A Great Friday reflection

 'You will all fall away,' Jesus told them, 'for it is written: "I will strike the shepherd and the sheep will be scattered."' (Mark 14.27)
'Then everyone deserted him and fled' (Mark 14.50).
According the the gospels of Mark and Matthew, when Jesus is arrested for blasphemy and treason by the temple police, all his disciples flee. That includes not only the wider group who cried 'hosanna to the Son of David' upon Jesus' entry into Jerusalem, and not only Judas the betrayer, but also the Twelve who were apparently closest to Jesus. On this Great Friday, I want to risk some observations about one of the many ways in which Christian disciples of the modern era, those who claim to be followers of Jesus today, also abandon their namesake at the point of his greatest human need and vulnerabilty.

One of the ways in which modern disciples abandon Jesus is to opt out of the rites and rituals of Passiontide.  Passiontide, also known as Holy Week, is the week immediately preceding the celebration of Pascha (or Easter).  From at least the 2nd century, this was the most important week of the Christian calendar, the week in which Christians commemorated the last week of Jesus' life, and especially his suffering, torture and execution (his passion) at the hands of the Roman and Jewish authorities.  These events are recalled in a series of rituals, or embodied stories, in which worshippers are invited to journey with Jesus into Jerusalem, through his anointing by Mary, his last meal with the disciples, his arrest, interrogation, torture and crucifixion. 
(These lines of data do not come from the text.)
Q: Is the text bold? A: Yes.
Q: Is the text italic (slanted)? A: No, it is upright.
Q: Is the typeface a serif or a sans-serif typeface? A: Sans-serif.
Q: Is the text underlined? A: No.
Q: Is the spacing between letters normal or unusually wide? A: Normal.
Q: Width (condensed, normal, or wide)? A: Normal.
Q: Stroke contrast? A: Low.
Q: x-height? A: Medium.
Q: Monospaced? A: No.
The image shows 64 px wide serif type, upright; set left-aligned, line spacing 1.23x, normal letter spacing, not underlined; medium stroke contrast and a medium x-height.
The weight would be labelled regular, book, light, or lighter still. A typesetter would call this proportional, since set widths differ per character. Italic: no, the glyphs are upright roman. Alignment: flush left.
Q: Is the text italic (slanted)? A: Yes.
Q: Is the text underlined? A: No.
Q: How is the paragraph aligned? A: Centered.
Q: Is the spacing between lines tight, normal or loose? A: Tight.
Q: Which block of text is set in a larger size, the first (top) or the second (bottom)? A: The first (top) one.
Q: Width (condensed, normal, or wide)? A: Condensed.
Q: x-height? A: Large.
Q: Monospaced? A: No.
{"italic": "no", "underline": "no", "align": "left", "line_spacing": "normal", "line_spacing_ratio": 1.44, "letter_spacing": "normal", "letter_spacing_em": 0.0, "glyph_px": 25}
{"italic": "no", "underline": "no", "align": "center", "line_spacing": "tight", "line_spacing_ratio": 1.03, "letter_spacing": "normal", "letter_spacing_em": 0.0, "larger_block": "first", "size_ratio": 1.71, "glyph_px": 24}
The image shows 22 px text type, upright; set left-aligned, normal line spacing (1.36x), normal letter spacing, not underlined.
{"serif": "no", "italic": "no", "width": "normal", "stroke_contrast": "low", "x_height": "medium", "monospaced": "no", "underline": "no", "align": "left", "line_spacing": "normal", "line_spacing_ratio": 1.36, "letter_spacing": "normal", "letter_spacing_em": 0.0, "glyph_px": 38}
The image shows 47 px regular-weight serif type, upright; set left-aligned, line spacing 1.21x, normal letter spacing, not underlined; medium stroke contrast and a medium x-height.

I have personally participated in the rituals of Passiontide for many years now, and find them to be continually capable of producing everything from tears to bewilderment to joy as I am invited into their visceral and profound mode of meditation upon Christianity's most holy mystery: the death of God in Christ.  Being close by Christ as he walks toward his death - not just in mind and thought, but in the profoundly tacit and bodily way that ritual makes possible - I find that I am confronted with both my spiritual poverty and the gratuitous love of God in ways that truly get under my skin and make a really big difference to the way I do my relationships, my ethics, my worship, my politics.  Those of us who walk this way to the end are perhaps more like the women in Mark and Matthew's accounts of the passion, the women who stay with Christ to the end even as they live through moments of incredible anguish, grief and bewilderment. Having passed through the passion of Christ, having lived it 'up-close-and-personally', they learn how to recognize resurrection when they see it and feel it, even if they do not understand it entirely (those who think they completely understand the event of the resurrection are kidding themselves!)  The men, who fled at the first sign of danger, must later learn how to own and live the life of resurrection from the women!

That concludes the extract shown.